Мы часто проходим сквозь него, чувствуя лишь колющий холодок, забирая частички бессмертной души.  Душа способна делиться на мельчайшие частички, пока ее обладателю не останутся жалкие крохи… Рваные сетки из невидимого материала. Или… Душа, размером с песчинку. Но все-таки душа. Призрак… Старый, почти исчезнувший и ждущий человека, который заберет его в себя.
Призраки не видят друг друга. У каждого своя параллель. Каждый обрел себя в свое время. Думая, что он один такой. Хотя нет, призраки не умеют думать… Или…  Не ужели еле живой наркоман под последней дозой может думать?..
Призраки подслушивают и слушают, подглядывают и смотрят… Гладят внутреннюю сторону ладони, чтобы зимой люди мерзли. И хотели согреться. С кем-нибудь.

Он увидел ее в парке. Собирала листья в букет. У нее были растрепанные волосы и теплое черное пальто, застегнутое на одну пуговицу.

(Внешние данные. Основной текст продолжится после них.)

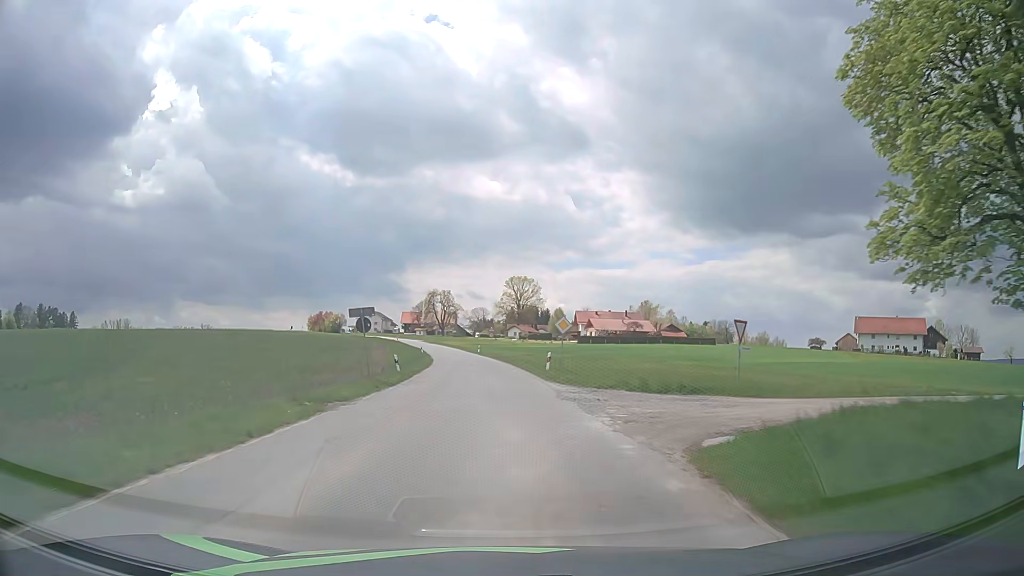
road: tertiary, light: Day
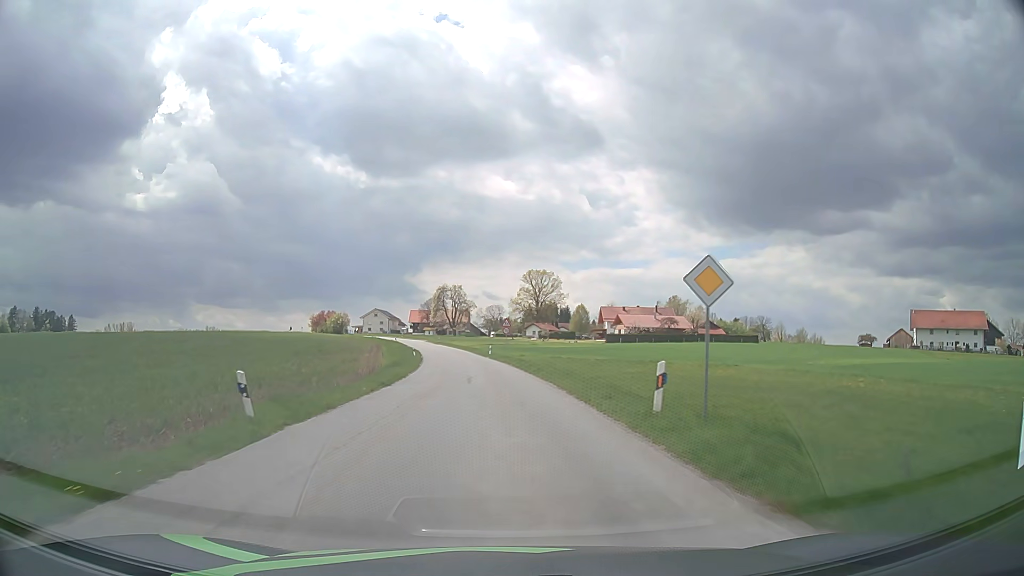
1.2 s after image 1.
(-0.3, +20.4) m; -2°
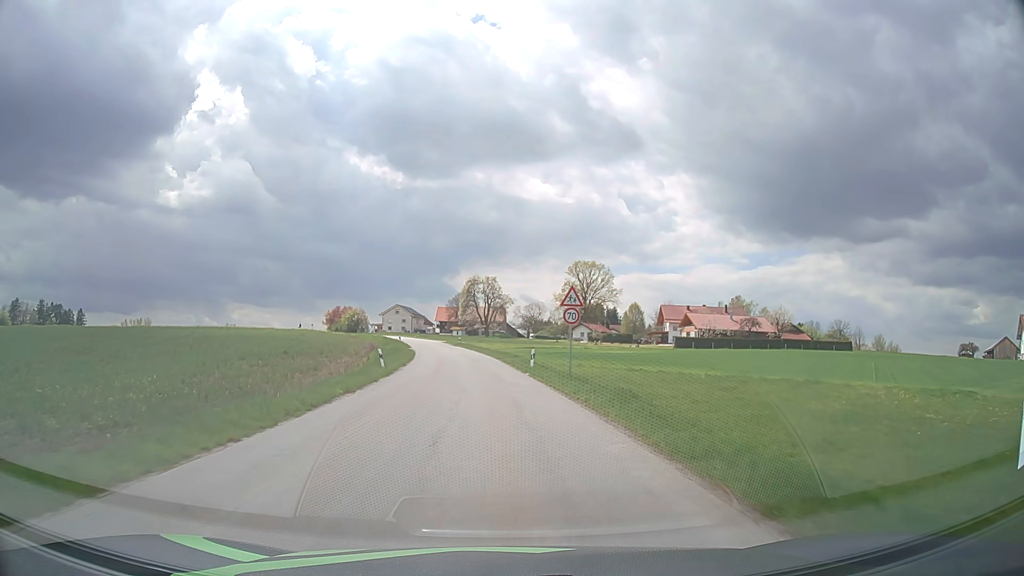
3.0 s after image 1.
(-0.8, +30.4) m; -3°
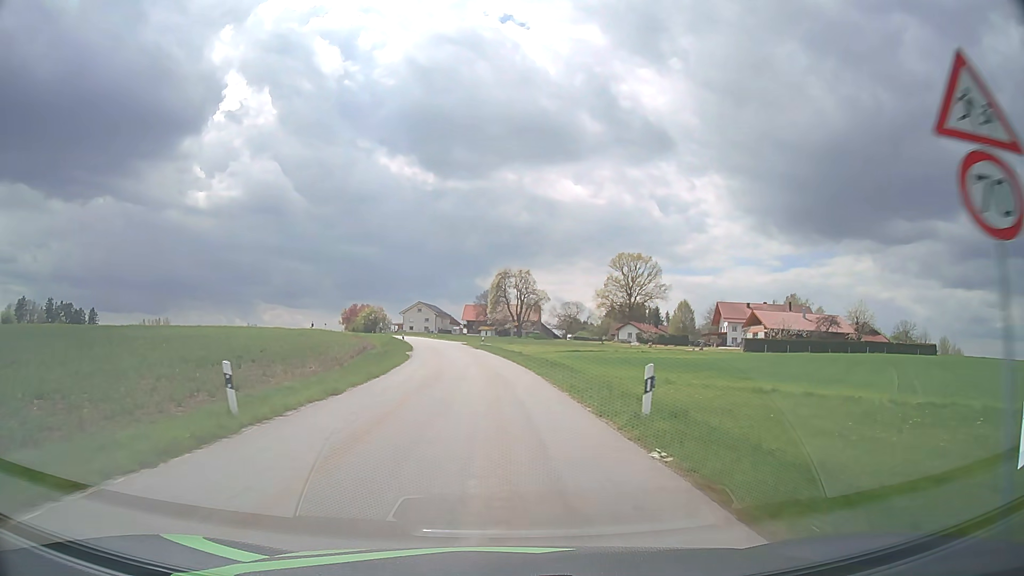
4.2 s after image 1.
(-0.5, +20.1) m; -3°
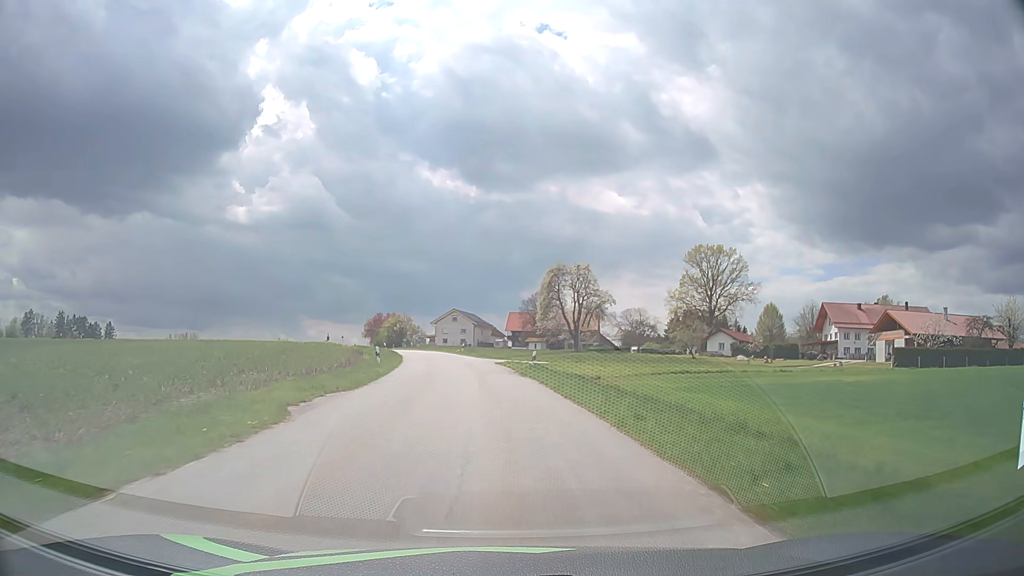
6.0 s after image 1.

Посмотрев вокруг, нет ли еще какого-нибудь достойного листочка, она подобрала брошенную на желтоватую траву свою серую кожаную сумку. И пошла к дому… Ее пряди волос так приятно волновались на холодном ветру… Так искусственно, как, небрежно чиркнув кисточкой, нарисовал бы талантливый художник.
Она не пользовалась лифтом… Наверное, где-то прочла, что это не полезно. И что лучше подниматься по лестницам. На ходу она пыталась в недрах сумки отыскать ключи. Пришлось вытаскивать три журнала и две книги… Пластиковую бутылку из-под газировки и слипшуюся конфету… Пачку носовых платков и какие-то таблетки.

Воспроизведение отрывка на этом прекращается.